**Exercise data:**
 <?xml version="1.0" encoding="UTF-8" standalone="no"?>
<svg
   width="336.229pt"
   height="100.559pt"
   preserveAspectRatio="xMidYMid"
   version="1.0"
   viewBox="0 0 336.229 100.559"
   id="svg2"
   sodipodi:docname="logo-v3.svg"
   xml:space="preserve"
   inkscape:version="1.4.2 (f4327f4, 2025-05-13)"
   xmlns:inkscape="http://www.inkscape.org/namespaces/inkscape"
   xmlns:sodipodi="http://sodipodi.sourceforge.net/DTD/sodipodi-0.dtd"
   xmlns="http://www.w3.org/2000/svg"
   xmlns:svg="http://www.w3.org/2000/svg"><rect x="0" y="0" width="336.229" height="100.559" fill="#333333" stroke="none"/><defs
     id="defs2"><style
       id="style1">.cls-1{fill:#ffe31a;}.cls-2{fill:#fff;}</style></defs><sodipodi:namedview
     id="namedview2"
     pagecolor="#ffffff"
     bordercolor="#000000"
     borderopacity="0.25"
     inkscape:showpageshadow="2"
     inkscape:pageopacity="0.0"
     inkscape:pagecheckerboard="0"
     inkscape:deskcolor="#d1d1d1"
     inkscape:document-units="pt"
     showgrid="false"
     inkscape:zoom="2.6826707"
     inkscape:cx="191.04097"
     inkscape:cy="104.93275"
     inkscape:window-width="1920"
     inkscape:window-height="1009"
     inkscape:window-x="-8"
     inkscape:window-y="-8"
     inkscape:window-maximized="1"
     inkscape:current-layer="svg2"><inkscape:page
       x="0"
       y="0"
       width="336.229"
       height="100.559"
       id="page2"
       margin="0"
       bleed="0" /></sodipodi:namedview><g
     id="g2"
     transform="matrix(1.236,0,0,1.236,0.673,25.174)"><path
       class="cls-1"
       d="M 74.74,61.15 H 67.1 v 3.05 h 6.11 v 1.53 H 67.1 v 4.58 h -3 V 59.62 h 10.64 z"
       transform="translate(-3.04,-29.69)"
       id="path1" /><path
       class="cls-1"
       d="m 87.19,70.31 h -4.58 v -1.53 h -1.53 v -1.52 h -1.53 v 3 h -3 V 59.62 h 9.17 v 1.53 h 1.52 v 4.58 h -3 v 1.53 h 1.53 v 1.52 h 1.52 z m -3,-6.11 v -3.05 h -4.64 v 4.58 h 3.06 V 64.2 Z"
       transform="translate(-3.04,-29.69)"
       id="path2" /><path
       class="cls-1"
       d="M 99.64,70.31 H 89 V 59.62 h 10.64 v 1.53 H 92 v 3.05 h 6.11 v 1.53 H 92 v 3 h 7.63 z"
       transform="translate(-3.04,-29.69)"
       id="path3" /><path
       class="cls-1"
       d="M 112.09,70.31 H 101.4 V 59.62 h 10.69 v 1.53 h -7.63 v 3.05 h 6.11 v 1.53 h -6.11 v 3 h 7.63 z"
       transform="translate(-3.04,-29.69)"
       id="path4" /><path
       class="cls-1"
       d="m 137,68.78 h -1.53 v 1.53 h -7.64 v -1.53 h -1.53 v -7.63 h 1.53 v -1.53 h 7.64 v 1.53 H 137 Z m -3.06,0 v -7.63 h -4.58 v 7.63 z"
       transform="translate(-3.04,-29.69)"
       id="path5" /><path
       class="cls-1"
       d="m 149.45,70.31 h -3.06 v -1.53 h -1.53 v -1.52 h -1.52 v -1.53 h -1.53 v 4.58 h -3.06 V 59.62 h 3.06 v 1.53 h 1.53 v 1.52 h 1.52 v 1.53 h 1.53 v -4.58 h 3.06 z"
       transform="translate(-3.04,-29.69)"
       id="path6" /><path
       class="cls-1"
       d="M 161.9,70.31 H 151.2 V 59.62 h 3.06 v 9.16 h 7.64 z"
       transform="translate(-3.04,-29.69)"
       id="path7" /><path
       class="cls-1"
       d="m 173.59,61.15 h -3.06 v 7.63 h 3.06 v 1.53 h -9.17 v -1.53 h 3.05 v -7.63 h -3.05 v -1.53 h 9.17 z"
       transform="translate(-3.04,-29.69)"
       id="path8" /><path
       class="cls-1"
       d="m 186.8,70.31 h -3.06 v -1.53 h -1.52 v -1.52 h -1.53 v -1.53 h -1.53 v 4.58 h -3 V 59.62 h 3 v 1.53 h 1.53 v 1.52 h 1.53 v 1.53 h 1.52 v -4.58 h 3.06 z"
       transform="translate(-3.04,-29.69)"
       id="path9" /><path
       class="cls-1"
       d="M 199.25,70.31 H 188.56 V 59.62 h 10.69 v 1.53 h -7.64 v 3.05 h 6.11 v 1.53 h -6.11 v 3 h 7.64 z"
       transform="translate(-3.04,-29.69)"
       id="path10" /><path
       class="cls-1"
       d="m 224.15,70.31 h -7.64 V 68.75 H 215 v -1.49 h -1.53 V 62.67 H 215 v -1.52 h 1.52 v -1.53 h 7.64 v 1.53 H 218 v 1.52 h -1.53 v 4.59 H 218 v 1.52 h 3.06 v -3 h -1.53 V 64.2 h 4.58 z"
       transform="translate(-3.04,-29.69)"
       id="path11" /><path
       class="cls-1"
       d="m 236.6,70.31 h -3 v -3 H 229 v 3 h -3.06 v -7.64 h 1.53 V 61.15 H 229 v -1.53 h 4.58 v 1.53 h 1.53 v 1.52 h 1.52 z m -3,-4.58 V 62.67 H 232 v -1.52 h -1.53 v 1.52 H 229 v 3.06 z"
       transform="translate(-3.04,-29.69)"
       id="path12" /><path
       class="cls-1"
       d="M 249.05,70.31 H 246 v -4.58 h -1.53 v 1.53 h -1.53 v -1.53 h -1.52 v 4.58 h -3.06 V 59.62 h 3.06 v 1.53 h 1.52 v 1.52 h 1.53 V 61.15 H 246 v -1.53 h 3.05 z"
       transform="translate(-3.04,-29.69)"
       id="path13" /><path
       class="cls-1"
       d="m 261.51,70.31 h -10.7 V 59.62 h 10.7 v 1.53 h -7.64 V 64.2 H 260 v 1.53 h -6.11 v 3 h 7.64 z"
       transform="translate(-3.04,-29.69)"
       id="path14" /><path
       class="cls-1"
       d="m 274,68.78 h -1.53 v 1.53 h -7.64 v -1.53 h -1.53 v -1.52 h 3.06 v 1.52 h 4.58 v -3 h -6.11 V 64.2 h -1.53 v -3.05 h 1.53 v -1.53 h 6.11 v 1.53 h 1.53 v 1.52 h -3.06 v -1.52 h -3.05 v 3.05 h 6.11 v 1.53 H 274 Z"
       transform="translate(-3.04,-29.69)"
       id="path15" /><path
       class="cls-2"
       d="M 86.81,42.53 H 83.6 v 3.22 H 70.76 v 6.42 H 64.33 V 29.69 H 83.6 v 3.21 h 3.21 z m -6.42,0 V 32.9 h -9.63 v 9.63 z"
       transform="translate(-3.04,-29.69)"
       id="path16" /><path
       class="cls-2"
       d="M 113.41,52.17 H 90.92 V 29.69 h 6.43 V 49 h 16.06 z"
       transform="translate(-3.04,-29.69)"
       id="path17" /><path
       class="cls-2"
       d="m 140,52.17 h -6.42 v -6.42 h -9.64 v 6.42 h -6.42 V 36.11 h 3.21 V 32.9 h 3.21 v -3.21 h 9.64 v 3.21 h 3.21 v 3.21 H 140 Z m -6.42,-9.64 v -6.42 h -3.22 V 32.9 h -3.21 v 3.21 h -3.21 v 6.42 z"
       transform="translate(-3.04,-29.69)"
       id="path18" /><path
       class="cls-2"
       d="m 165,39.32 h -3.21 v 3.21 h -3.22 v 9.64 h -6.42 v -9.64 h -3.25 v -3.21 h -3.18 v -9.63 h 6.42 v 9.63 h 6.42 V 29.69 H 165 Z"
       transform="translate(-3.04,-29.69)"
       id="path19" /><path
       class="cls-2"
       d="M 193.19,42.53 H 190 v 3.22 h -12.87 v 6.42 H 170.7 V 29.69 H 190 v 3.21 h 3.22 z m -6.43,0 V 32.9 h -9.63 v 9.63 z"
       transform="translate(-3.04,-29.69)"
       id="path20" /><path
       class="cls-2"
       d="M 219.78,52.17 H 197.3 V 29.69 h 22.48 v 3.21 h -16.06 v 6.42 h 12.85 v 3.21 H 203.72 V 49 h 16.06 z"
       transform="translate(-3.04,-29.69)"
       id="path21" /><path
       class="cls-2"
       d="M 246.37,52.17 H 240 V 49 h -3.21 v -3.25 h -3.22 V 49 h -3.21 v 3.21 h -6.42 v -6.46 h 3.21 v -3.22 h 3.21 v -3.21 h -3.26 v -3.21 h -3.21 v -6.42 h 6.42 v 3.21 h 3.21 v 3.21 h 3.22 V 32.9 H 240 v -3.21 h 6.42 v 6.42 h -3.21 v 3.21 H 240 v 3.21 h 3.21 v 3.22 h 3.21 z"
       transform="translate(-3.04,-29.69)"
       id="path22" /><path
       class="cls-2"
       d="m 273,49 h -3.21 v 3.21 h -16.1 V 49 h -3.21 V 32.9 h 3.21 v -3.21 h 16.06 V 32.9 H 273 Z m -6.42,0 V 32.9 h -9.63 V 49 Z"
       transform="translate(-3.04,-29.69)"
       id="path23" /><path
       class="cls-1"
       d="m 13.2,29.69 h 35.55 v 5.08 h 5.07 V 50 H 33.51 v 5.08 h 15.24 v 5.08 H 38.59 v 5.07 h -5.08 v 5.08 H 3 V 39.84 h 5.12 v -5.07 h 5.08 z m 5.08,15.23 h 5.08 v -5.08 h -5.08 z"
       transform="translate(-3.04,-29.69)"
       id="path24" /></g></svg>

**What this task involves:** Lines above that contain the string "height" make up the answer.

**Task solution:**
   height="100.559pt"
   xmlns:svg="http://www.w3.org/2000/svg"><rect x="0" y="0" width="336.229" height="100.559" fill="#333333" stroke="none"/><defs
     inkscape:window-height="1009"
       height="100.559"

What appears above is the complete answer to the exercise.